The scale of the stimulus for the Chinese economy, captured in the deficit, can be gauged if compared with the fiscal deficit target of about $200 billion that Union finance minister Nirmala Sitharamn set for the fiscal 2025-26 in her budget proposals tabled last month.

“This number reflects that the authorities are determined to support growth against the backdrop of external uncertainties and trade tensions with the US,” Bloomberg quoted Raymond Yeung, chief economist for Greater China at Australia & New Zealand Banking Group.

“It’s an ambitious growth target, and it means the authorities will still need to support growth.”

Li outlined his blueprint for China’s economy a day after Trump imposed another 10 per cent tariff on China, threatening to slam the brakes on the export engine that has been the main driver of Chinese growth story, contributing almost a third of economic expansion last year.

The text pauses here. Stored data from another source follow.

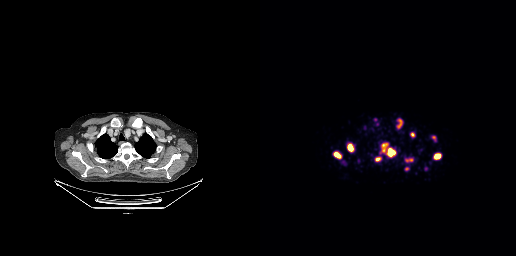
Coordinates are on the 256×256 PET (right) panel. (showing 8 of 9 foci) PSMA-avid tumor lesion bounding boxes (x, y, width, height): x=137 y=118 w=7 h=9 / x=174 y=154 w=7 h=5 / x=88 y=144 w=5 h=7 / x=129 y=149 w=6 h=7 / x=74 y=153 w=7 h=6 / x=150 y=132 w=5 h=5 / x=123 y=146 w=3 h=6. Small PSMA-avid focus (2 to 4 px across) near (center x, center y): (146, 168).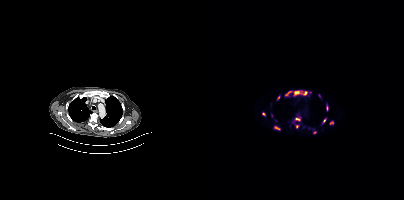
Left: CT. Right: PSMA PET, same axial level, [18F]PSMA-1007 tracer. Acquired on Siemens Biograph mCT Flow 20. Coordinates are on the 200×200 PET (right) panel. (showing 12 of 14 foci) PSMA-avid tumor lesion bounding boxes (x0,y0,x1,y1): [90,91,103,95] [81,91,87,96] [91,117,96,121] [118,118,122,123] [70,126,76,129] [122,105,124,110] [58,112,61,116]. Small PSMA-avid foci (2 to 4 px across) near (center x, center y): (127, 122) (93, 126) (74, 97) (110, 132) (115, 95).
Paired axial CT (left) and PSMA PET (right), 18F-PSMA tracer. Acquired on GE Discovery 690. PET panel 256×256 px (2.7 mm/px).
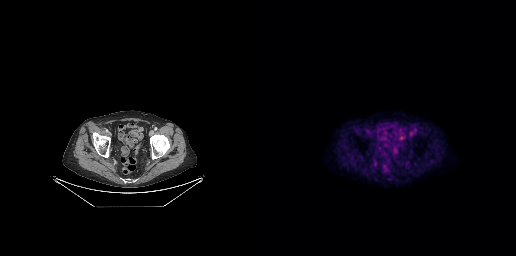
No tumor lesions annotated on this slice.
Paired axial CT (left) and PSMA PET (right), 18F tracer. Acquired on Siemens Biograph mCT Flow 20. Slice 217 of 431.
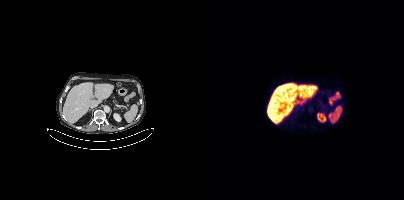
No tumor lesions annotated on this slice.
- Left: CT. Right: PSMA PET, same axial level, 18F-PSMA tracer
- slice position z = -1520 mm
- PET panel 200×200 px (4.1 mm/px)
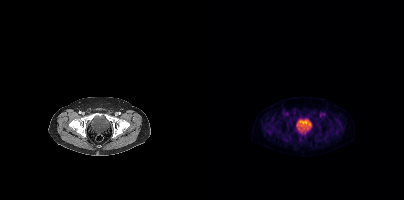
Findings: This slice has no annotated PSMA-avid lesion.
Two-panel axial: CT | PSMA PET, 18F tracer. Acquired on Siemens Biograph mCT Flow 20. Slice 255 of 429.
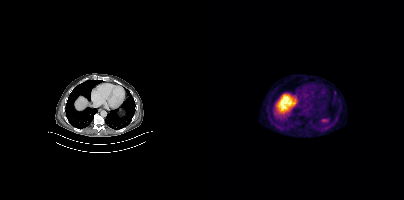
Coordinates are on the 200×200 PET (right) panel. Small PSMA-avid focus (2 to 4 px across) near (center x, center y): (130, 91).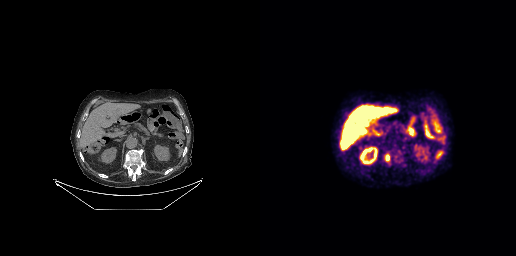
Technique: Paired axial CT (left) and PSMA PET (right), 18F tracer. PET panel 256×256 px (2.7 mm/px).
Findings: Coordinates are on the 256×256 PET (right) panel. PSMA-avid tumor lesion bounding box (x0, y0)-(x1, y1): (126, 155)-(129, 160).
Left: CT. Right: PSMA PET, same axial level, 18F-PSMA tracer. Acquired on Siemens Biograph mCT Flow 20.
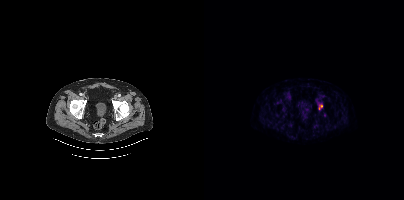
Coordinates are on the 200×200 PET (right) panel. PSMA-avid tumor lesion bounding boxes:
| # | x0 | y0 | x1 | y1 |
|---|---|---|---|---|
| 1 | 115 | 105 | 118 | 109 |
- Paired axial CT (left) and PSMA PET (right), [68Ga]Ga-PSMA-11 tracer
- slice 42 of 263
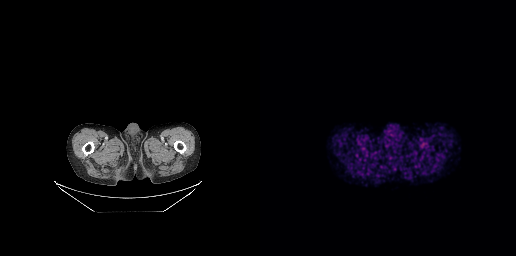
Findings: Negative for PSMA-avid disease on this slice.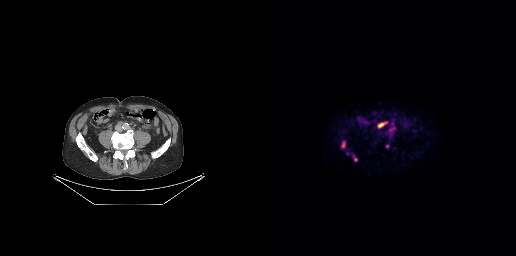
{"modality":"PSMA PET/CT","view":"axial","tracer":"18F","pet_grid":[256,256],"coord_frame":"pet_panel","coord_format":"x0,y0,x1,y1","lesion_bboxes":[[117,121,127,128],[81,141,85,147],[129,127,135,131]],"small_foci_centers":[[95,159],[127,146],[132,123]]}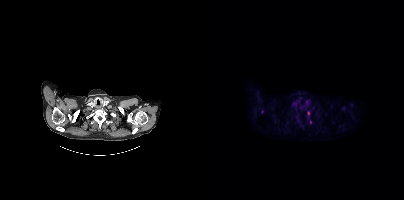
Coordinates are on the 200×200 PET (right) panel. (showing 1 of 2 foci) Small PSMA-avid focus (2 to 4 px across) near (center x, center y): (104, 112).
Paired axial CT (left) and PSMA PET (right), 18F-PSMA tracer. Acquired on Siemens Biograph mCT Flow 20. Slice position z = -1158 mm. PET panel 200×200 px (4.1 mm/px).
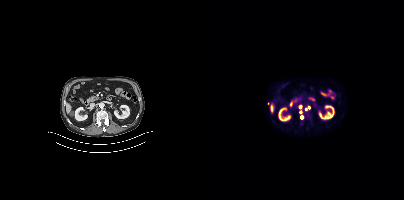
Coordinates are on the 200×200 PET (right) panel. (showing 5 of 6 foci) Small PSMA-avid foci (2 to 4 px across) near (center x, center y): (98, 117), (96, 112), (96, 106), (104, 107), (101, 109).
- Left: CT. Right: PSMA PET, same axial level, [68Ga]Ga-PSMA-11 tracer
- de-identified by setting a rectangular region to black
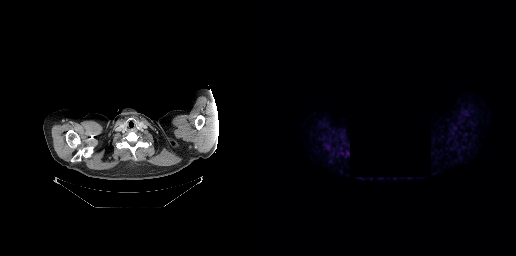
Findings: Negative for PSMA-avid disease on this slice.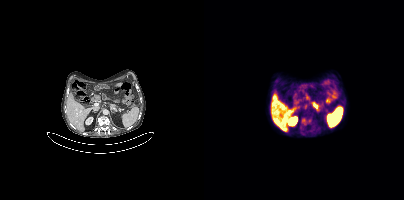
Coordinates are on the 200×200 PET (right) panel. (showing 1 of 2 foci) PSMA-avid tumor lesion bounding box (x0, y0)-(x1, y1): (96, 117)-(107, 129).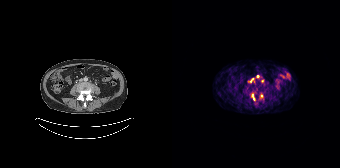
Coordinates are on the 168×168 PET (right) panel. PSMA-avid tumor lesion bounding box (x, y, width, height): x=79 y=93 w=5 h=8. Small PSMA-avid foci (2 to 4 px across) near (center x, center y): (89, 95); (90, 80); (85, 76).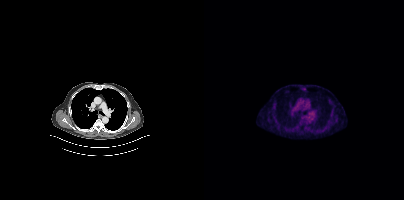
This slice has no annotated PSMA-avid lesion. Paired axial CT (left) and PSMA PET (right), 18F tracer. PET panel 200×200 px (4.1 mm/px).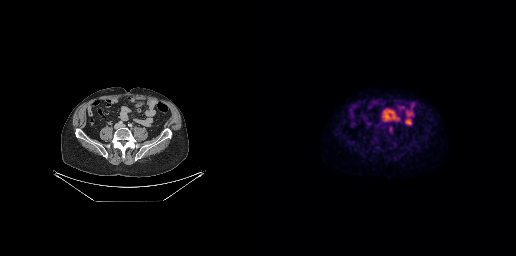
Left: CT. Right: PSMA PET, same axial level, [18F]PSMA-1007 tracer. Acquired on GE Discovery 690. PET panel 256×256 px (2.7 mm/px). Coordinates are on the 256×256 PET (right) panel. PSMA-avid tumor lesion bounding box (x0,y0,x1,y1): [128,125,132,133].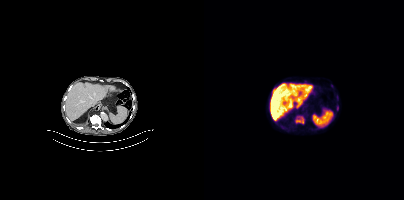
Coordinates are on the 200×200 PET (right) panel. PSMA-avid tumor lesion bounding box (x, y, width, height): x=92 y=116 w=8 h=8. Small PSMA-avid foci (2 to 4 px across) near (center x, center y): (133, 108) | (101, 81).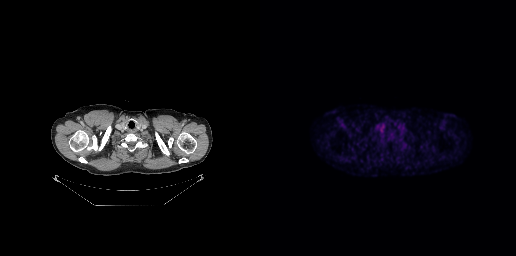
{"modality":"PSMA PET/CT","view":"axial","tracer":"18F-PSMA","pet_grid":[256,256],"coord_frame":"pet_panel","coord_format":"x0,y0,x1,y1","psma_avid_lesions":false}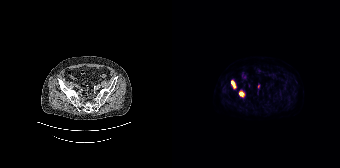
Two-panel axial: CT | PSMA PET, 18F tracer. Acquired on Siemens Biograph 64-4R TruePoint.
Coordinates are on the 168×168 PET (right) panel. PSMA-avid tumor lesion bounding boxes:
| # | x0 | y0 | x1 | y1 |
|---|---|---|---|---|
| 1 | 59 | 80 | 64 | 89 |
| 2 | 67 | 90 | 72 | 97 |
Small PSMA-avid focus (2 to 4 px across) near (center x, center y): (86, 86).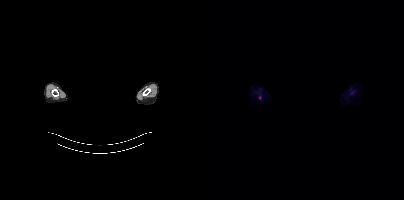
Technique: Two-panel axial: CT | PSMA PET, 18F tracer. slice position z = -831 mm. PET panel 200×200 px (4.1 mm/px).
Note: A rectangle over the head was blacked out to remove identifiable facial features.
Findings: Coordinates are on the 200×200 PET (right) panel. Small PSMA-avid focus (2 to 4 px across) near (center x, center y): (55, 97).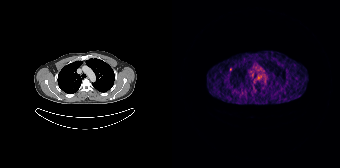
{"modality":"PSMA PET/CT","view":"axial","tracer":"68Ga","pet_grid":[168,168],"coord_frame":"pet_panel","coord_format":"x0,y0,x1,y1","lesion_bboxes":[],"small_foci_centers":[[58,69]]}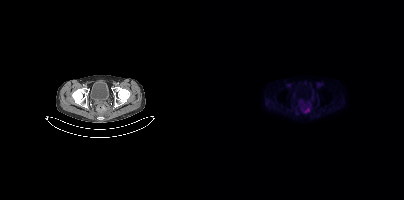
- Paired axial CT (left) and PSMA PET (right), 18F-PSMA tracer
- acquired on Siemens Biograph mCT Flow 20
- PET panel 200×200 px (4.1 mm/px)
Findings: Coordinates are on the 200×200 PET (right) panel. PSMA-avid tumor lesion bounding box (x0, y0)-(x1, y1): (100, 108)-(105, 112).
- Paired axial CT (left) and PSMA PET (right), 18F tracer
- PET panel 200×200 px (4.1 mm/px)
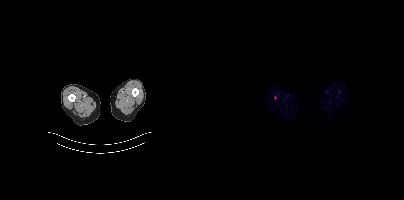
Findings: Only PSMA-avid lesion pieces thinner than 2 px on this slice (not listed).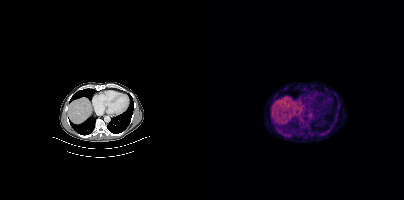
{"pet_grid":[200,200],"coord_frame":"pet_panel","coord_format":"x0,y0,x1,y1","lesion_bboxes":[[117,131,122,136],[95,116,99,120],[81,133,85,137]],"modality":"PSMA PET/CT","view":"axial","tracer":"18F"}
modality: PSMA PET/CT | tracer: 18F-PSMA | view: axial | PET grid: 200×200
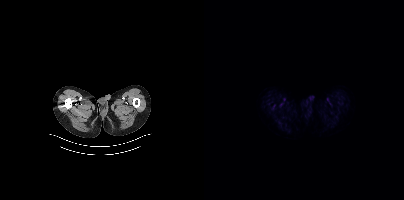
No PSMA-avid tumor lesions on this slice.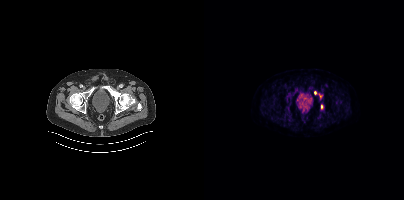
modality: PSMA PET/CT | tracer: 18F | view: axial | PET grid: 200×200
Coordinates are on the 200×200 PET (right) panel. PSMA-avid tumor lesion bounding boxes (x, y, width, height): x=115 y=94 w=4 h=6 / x=117 y=104 w=3 h=6. Small PSMA-avid focus (2 to 4 px across) near (center x, center y): (111, 92).
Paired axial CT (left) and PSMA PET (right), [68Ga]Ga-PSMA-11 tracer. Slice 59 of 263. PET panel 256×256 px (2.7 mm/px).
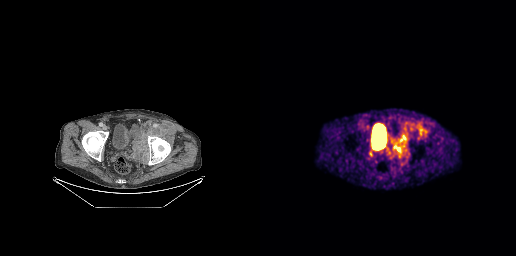
Coordinates are on the 256×256 PET (right) panel. PSMA-avid tumor lesion bounding boxes:
| # | x0 | y0 | x1 | y1 |
|---|---|---|---|---|
| 1 | 133 | 135 | 148 | 156 |
| 2 | 156 | 124 | 167 | 135 |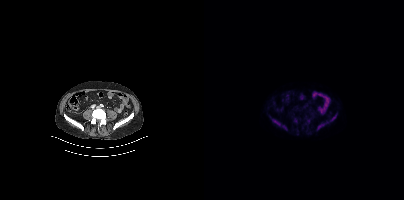
Coordinates are on the 200×200 PET (right) panel. PSMA-avid tumor lesion bounding boxes:
| # | x0 | y0 | x1 | y1 |
|---|---|---|---|---|
| 1 | 68 | 119 | 76 | 125 |
| 2 | 113 | 123 | 120 | 129 |
| 3 | 126 | 114 | 132 | 121 |
| 4 | 78 | 125 | 83 | 129 |
Small PSMA-avid focus (2 to 4 px across) near (center x, center y): (123, 122).
Paired axial CT (left) and PSMA PET (right), 18F-PSMA tracer.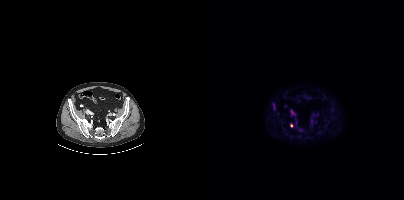
Coordinates are on the 200×200 PET (right) panel. Small PSMA-avid focus (2 to 4 px across) near (center x, center y): (87, 125).

The sense of purpose in the speech of Li -- who stressed on the need to take difficulties “head on” and surge ahead -- was apparent as Bloomberg reported that the word “consumption” was mentioned 27 times throughout the document, the most in at least a decade.

“In contrast, “high-quality development,” a slogan representing President Xi Jinping’s push to boost high-tech manufacturing, was mentioned much less frequently than last year.

“In setting the growth rate at around 5 per cent, we have taken into account the need to stabilize employment, prevent risks, and improve the people’s wellbeing,” said Li.

As per the plan, the government will sell 1.3 trillion yuan ($179 billion) worth of special sovereign bonds and use 300 billion yuan of the proceeds to finance a subsidy programme for residents’ purchases of consumer goods, doubling its size in 2024. The rest of the money will go toward building major infrastructure projects and encouraging businesses to upgrade their equipment.

While the measures are welcome, analysts think that the markets will want more in a country characterised by low household spending, about 45 per cent of the GDP.